Description of the task:
Repeat verbatim the lines of the data below, beginning with the line containing "[0:00.0-0:04.4]" and continuing to the end.

Records for processing:
============================================================
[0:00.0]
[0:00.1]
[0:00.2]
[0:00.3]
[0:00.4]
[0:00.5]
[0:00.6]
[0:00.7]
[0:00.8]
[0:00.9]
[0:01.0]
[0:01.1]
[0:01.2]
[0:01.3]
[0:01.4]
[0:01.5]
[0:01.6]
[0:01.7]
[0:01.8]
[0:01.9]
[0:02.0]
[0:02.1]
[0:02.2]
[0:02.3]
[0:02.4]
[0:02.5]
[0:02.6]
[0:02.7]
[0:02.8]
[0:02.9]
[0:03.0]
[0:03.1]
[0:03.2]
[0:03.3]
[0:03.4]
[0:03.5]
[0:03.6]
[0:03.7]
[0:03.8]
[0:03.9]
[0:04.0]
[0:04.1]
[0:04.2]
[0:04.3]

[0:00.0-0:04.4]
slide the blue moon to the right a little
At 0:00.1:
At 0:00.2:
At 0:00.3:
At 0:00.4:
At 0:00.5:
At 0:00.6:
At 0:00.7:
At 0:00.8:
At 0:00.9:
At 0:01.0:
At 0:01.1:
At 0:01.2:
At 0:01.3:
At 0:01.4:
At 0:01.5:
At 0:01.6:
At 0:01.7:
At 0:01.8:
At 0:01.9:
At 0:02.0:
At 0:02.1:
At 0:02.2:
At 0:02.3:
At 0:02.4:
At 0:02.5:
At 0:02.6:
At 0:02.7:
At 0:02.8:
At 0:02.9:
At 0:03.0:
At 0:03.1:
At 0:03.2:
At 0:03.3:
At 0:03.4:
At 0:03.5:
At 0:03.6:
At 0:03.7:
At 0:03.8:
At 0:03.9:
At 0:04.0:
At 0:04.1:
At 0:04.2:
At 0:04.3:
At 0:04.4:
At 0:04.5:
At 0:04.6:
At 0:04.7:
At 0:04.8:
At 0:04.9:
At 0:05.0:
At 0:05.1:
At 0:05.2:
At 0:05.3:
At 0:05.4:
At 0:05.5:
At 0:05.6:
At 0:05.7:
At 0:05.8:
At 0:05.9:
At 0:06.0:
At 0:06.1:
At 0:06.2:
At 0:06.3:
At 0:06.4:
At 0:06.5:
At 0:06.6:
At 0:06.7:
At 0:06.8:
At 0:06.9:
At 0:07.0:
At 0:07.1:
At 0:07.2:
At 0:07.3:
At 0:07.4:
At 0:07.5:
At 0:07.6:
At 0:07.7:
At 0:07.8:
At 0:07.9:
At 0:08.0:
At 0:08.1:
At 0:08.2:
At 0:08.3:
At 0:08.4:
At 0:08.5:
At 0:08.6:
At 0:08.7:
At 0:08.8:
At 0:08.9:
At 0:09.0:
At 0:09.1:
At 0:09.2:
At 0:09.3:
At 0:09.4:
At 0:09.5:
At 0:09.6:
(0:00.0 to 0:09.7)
============================================================
Solution to this problem:
[0:00.0-0:04.4]
slide the blue moon to the right a little
At 0:00.1:
At 0:00.2:
At 0:00.3:
At 0:00.4:
At 0:00.5:
At 0:00.6:
At 0:00.7:
At 0:00.8:
At 0:00.9:
At 0:01.0:
At 0:01.1:
At 0:01.2:
At 0:01.3:
At 0:01.4:
At 0:01.5:
At 0:01.6:
At 0:01.7:
At 0:01.8:
At 0:01.9:
At 0:02.0:
At 0:02.1:
At 0:02.2:
At 0:02.3:
At 0:02.4:
At 0:02.5:
At 0:02.6:
At 0:02.7:
At 0:02.8:
At 0:02.9:
At 0:03.0:
At 0:03.1:
At 0:03.2:
At 0:03.3:
At 0:03.4:
At 0:03.5:
At 0:03.6:
At 0:03.7:
At 0:03.8:
At 0:03.9:
At 0:04.0:
At 0:04.1:
At 0:04.2:
At 0:04.3:
At 0:04.4:
At 0:04.5:
At 0:04.6:
At 0:04.7:
At 0:04.8:
At 0:04.9:
At 0:05.0:
At 0:05.1:
At 0:05.2:
At 0:05.3:
At 0:05.4:
At 0:05.5:
At 0:05.6:
At 0:05.7:
At 0:05.8:
At 0:05.9:
At 0:06.0:
At 0:06.1:
At 0:06.2:
At 0:06.3:
At 0:06.4:
At 0:06.5:
At 0:06.6:
At 0:06.7:
At 0:06.8:
At 0:06.9:
At 0:07.0:
At 0:07.1:
At 0:07.2:
At 0:07.3:
At 0:07.4:
At 0:07.5:
At 0:07.6:
At 0:07.7:
At 0:07.8:
At 0:07.9:
At 0:08.0:
At 0:08.1:
At 0:08.2:
At 0:08.3:
At 0:08.4:
At 0:08.5:
At 0:08.6:
At 0:08.7:
At 0:08.8:
At 0:08.9:
At 0:09.0:
At 0:09.1:
At 0:09.2:
At 0:09.3:
At 0:09.4:
At 0:09.5:
At 0:09.6:
(0:00.0 to 0:09.7)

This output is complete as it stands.